> **Action item**: Write out all of the entries that follow, word for word, but skip the pictures.

(Collection entries)
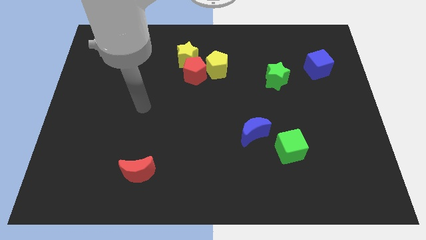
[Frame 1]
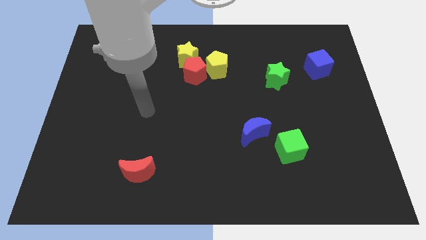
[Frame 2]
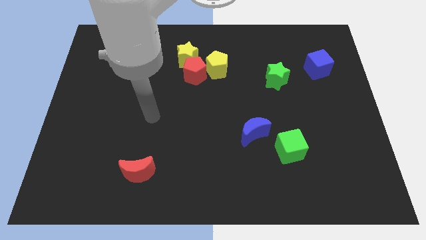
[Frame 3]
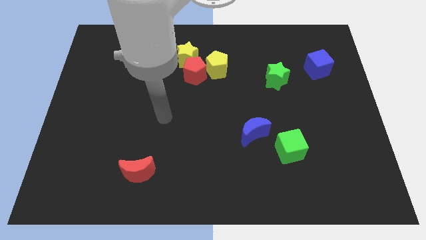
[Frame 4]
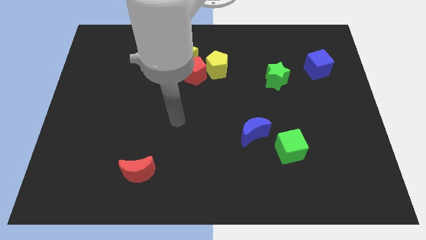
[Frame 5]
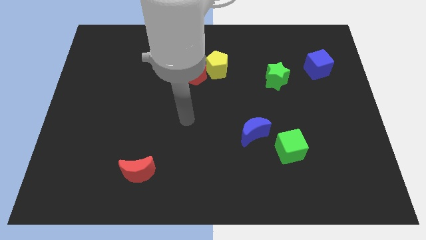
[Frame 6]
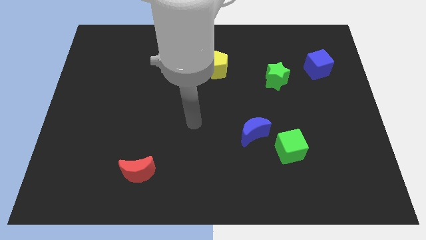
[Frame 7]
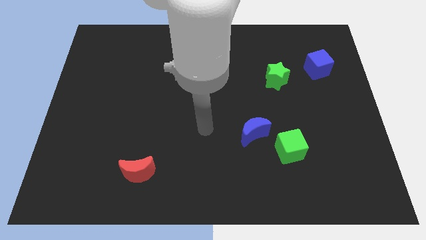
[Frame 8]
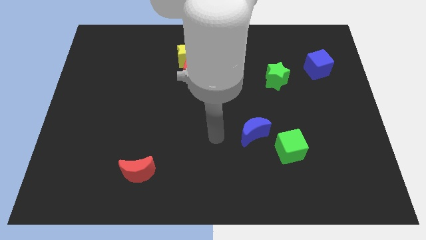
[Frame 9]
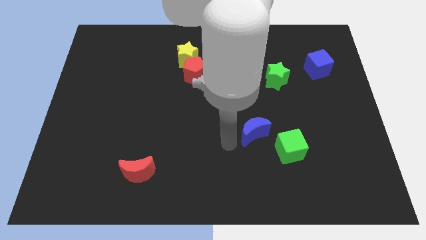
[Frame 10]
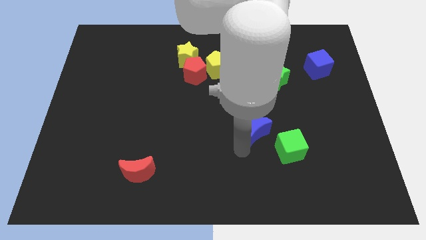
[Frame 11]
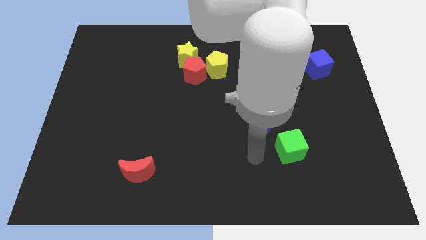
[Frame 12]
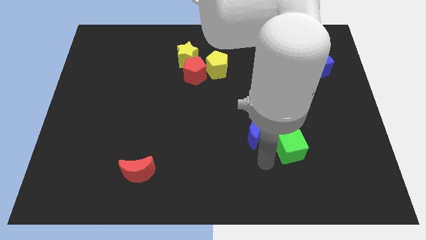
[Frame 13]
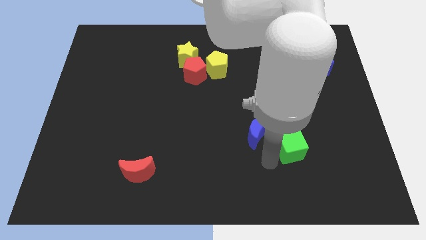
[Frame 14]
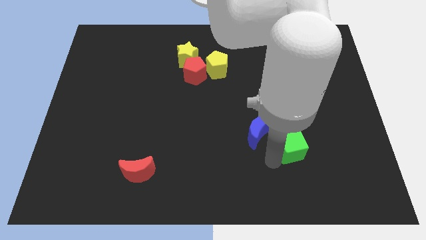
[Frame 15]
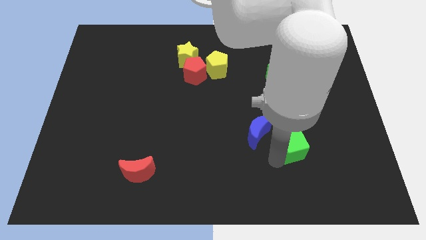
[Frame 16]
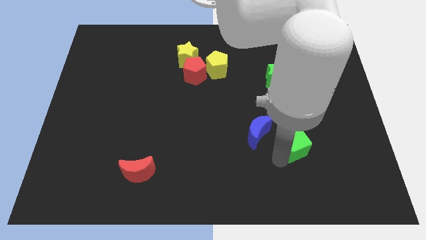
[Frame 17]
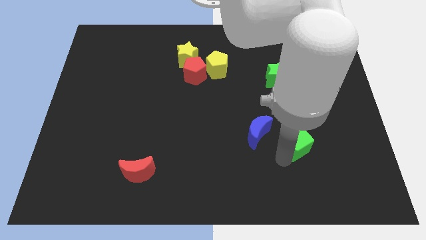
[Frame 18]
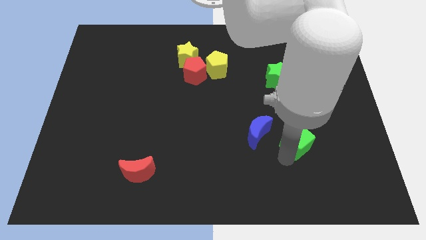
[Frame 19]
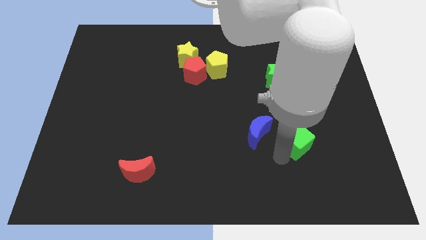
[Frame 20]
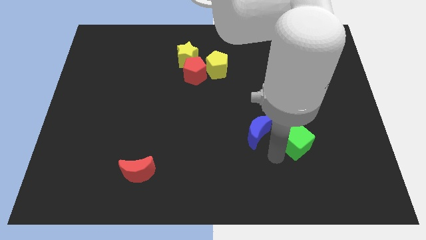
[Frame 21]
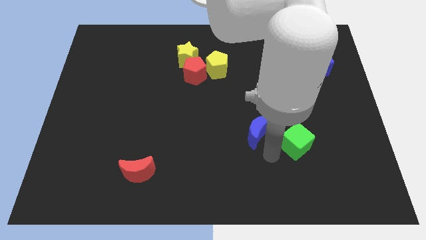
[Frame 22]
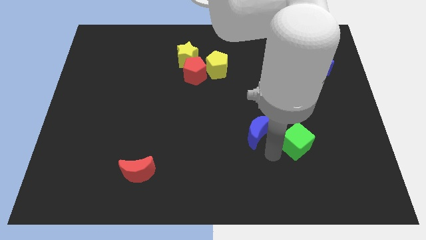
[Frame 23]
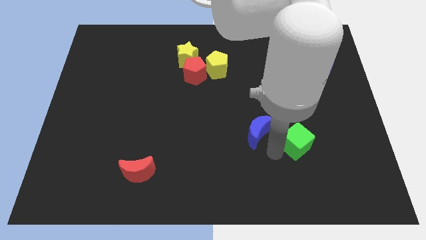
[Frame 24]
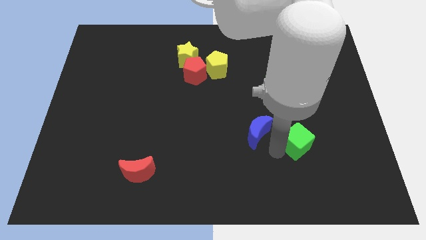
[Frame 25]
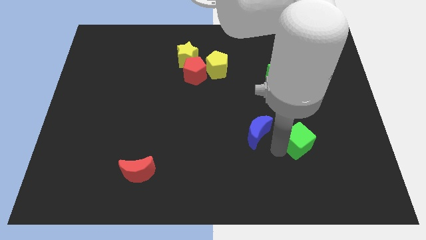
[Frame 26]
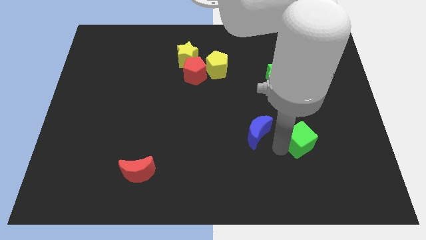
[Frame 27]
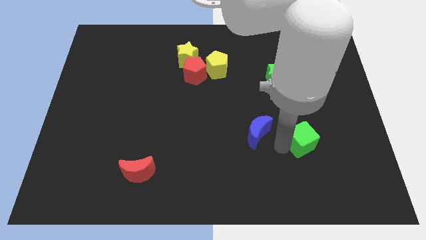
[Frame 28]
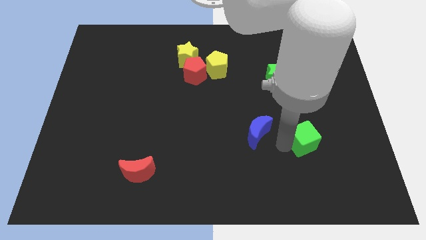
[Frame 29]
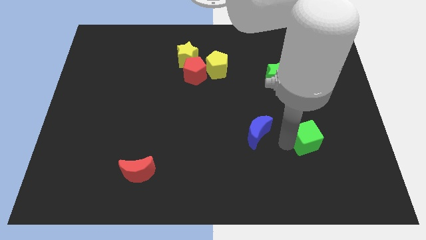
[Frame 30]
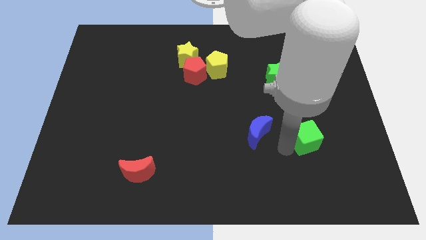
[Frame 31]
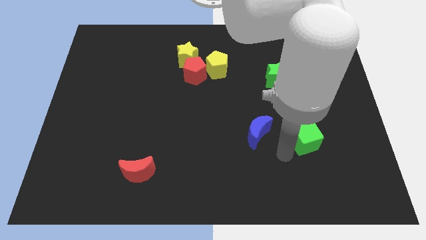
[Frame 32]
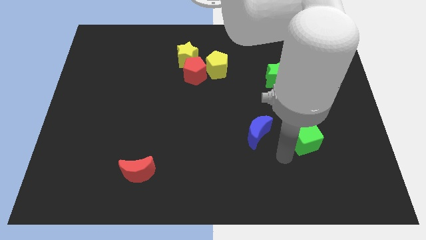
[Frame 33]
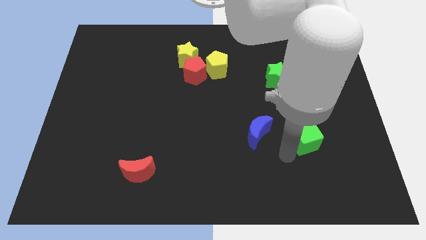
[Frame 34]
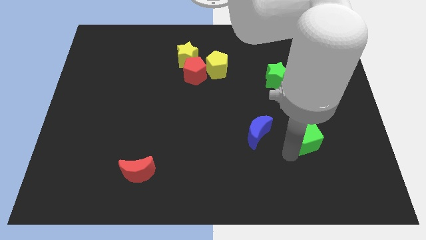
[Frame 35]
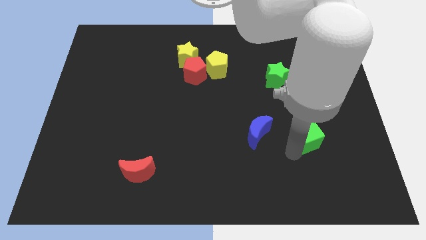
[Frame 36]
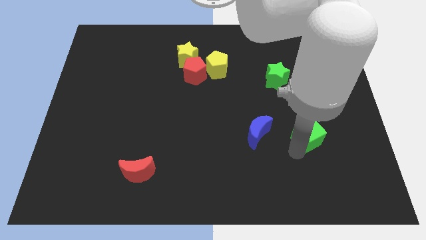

> **Written solution**:
[Frame 1]
[Frame 2]
[Frame 3]
[Frame 4]
[Frame 5]
[Frame 6]
[Frame 7]
[Frame 8]
[Frame 9]
[Frame 10]
[Frame 11]
[Frame 12]
[Frame 13]
[Frame 14]
[Frame 15]
[Frame 16]
[Frame 17]
[Frame 18]
[Frame 19]
[Frame 20]
[Frame 21]
[Frame 22]
[Frame 23]
[Frame 24]
[Frame 25]
[Frame 26]
[Frame 27]
[Frame 28]
[Frame 29]
[Frame 30]
[Frame 31]
[Frame 32]
[Frame 33]
[Frame 34]
[Frame 35]
[Frame 36]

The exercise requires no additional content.